-------- Source material

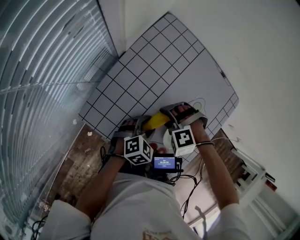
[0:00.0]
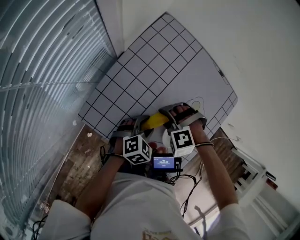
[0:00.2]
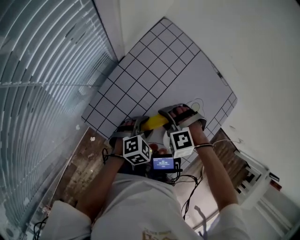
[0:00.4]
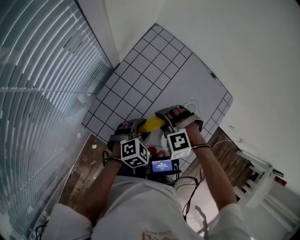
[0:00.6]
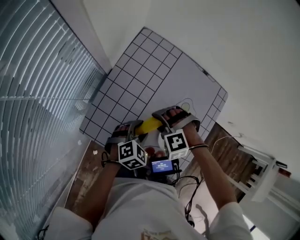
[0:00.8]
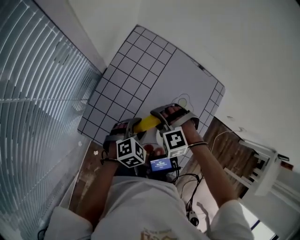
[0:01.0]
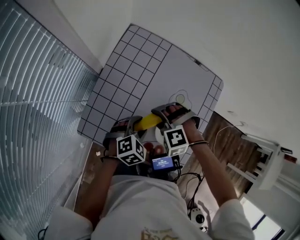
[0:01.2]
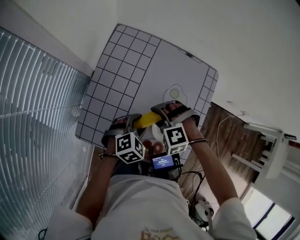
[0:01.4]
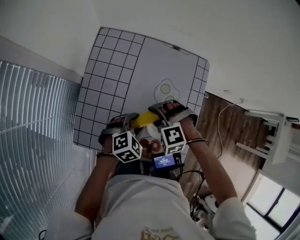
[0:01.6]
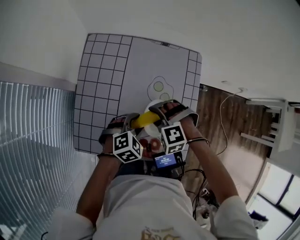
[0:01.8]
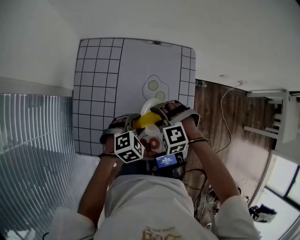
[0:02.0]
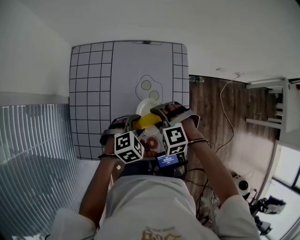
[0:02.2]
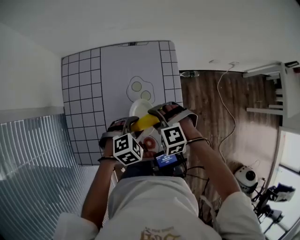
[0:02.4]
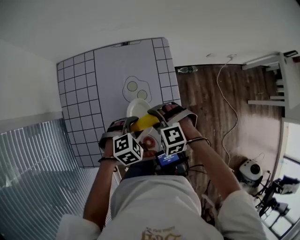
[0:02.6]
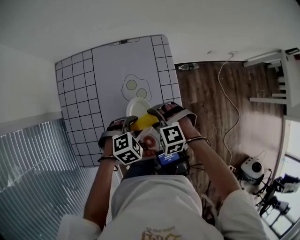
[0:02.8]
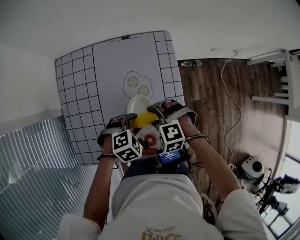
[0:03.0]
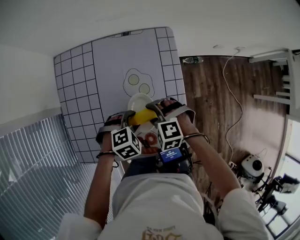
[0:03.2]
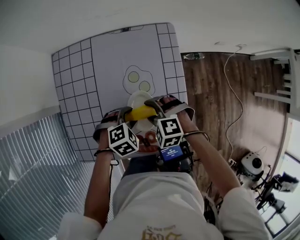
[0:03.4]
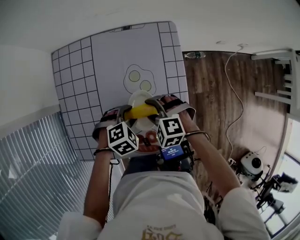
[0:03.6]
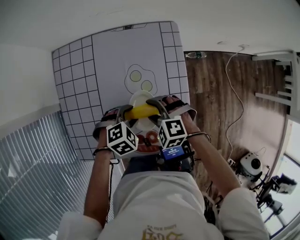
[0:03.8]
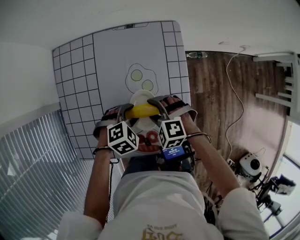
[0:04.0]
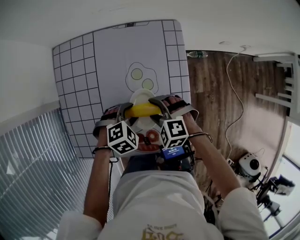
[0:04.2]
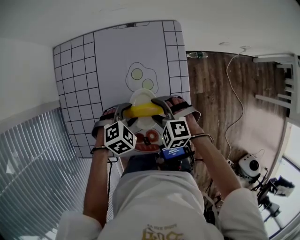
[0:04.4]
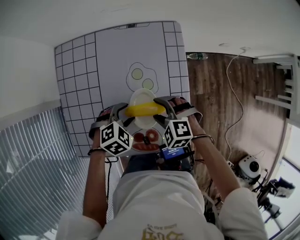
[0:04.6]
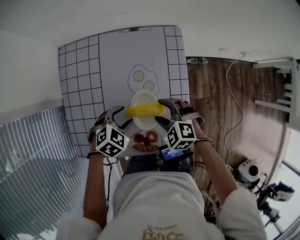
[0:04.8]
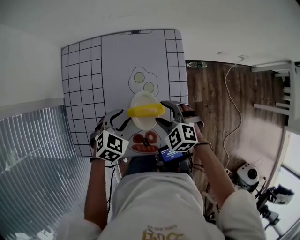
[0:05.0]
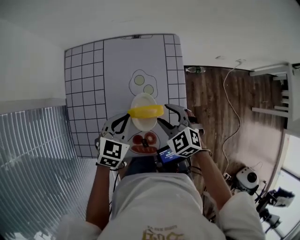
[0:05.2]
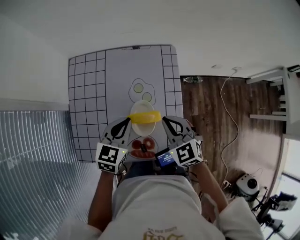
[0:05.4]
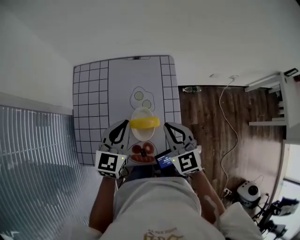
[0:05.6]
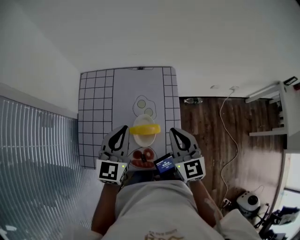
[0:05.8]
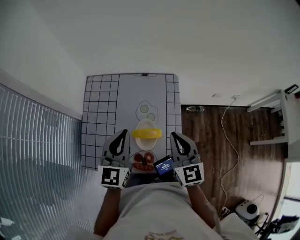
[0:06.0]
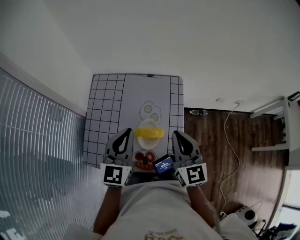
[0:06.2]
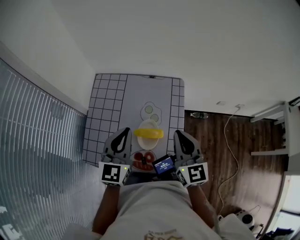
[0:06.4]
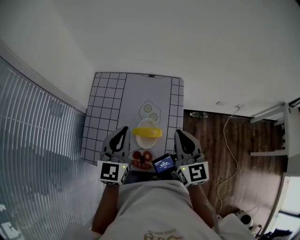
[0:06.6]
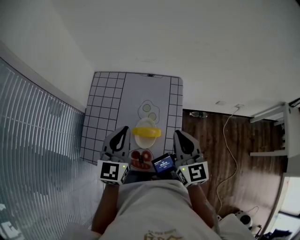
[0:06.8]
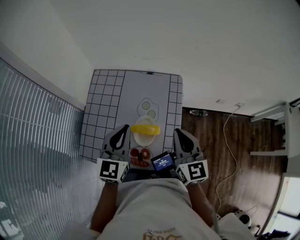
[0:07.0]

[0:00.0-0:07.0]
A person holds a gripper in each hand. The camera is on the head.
0:00.0 to 0:01.4: The left gripper swivels some 20 degrees. The right gripper moves some 5 cm, and swivels roughly 20 degrees.
0:01.4 to 0:02.8: The grippers both shift to the right by approximately 10 cm. The left gripper rotates some 30 degrees. Meanwhile the right gripper changes its angle by about 30 degrees.
0:02.8 to 0:04.2: The left gripper moves about 5 cm.
0:04.2 to 0:05.6: The grippers both shift upward by roughly 20 cm. The left gripper tips its fingers upward by some 50 degrees, and closes. The right gripper tips its fingers upward by some 30 degrees, and closes its fingers.
0:05.6 to 0:07.0: The grippers both shift upward by approximately 10 cm. The right gripper changes its angle by roughly 20 degrees.

----------------

▸ What is expected: The listing above is to be retyped word for word, with the pictures omitted.

▸ Completed task:
[0:00.0]
[0:00.2]
[0:00.4]
[0:00.6]
[0:00.8]
[0:01.0]
[0:01.2]
[0:01.4]
[0:01.6]
[0:01.8]
[0:02.0]
[0:02.2]
[0:02.4]
[0:02.6]
[0:02.8]
[0:03.0]
[0:03.2]
[0:03.4]
[0:03.6]
[0:03.8]
[0:04.0]
[0:04.2]
[0:04.4]
[0:04.6]
[0:04.8]
[0:05.0]
[0:05.2]
[0:05.4]
[0:05.6]
[0:05.8]
[0:06.0]
[0:06.2]
[0:06.4]
[0:06.6]
[0:06.8]
[0:07.0]

[0:00.0-0:07.0]
A person holds a gripper in each hand. The camera is on the head.
0:00.0 to 0:01.4: The left gripper swivels some 20 degrees. The right gripper moves some 5 cm, and swivels roughly 20 degrees.
0:01.4 to 0:02.8: The grippers both shift to the right by approximately 10 cm. The left gripper rotates some 30 degrees. Meanwhile the right gripper changes its angle by about 30 degrees.
0:02.8 to 0:04.2: The left gripper moves about 5 cm.
0:04.2 to 0:05.6: The grippers both shift upward by roughly 20 cm. The left gripper tips its fingers upward by some 50 degrees, and closes. The right gripper tips its fingers upward by some 30 degrees, and closes its fingers.
0:05.6 to 0:07.0: The grippers both shift upward by approximately 10 cm. The right gripper changes its angle by roughly 20 degrees.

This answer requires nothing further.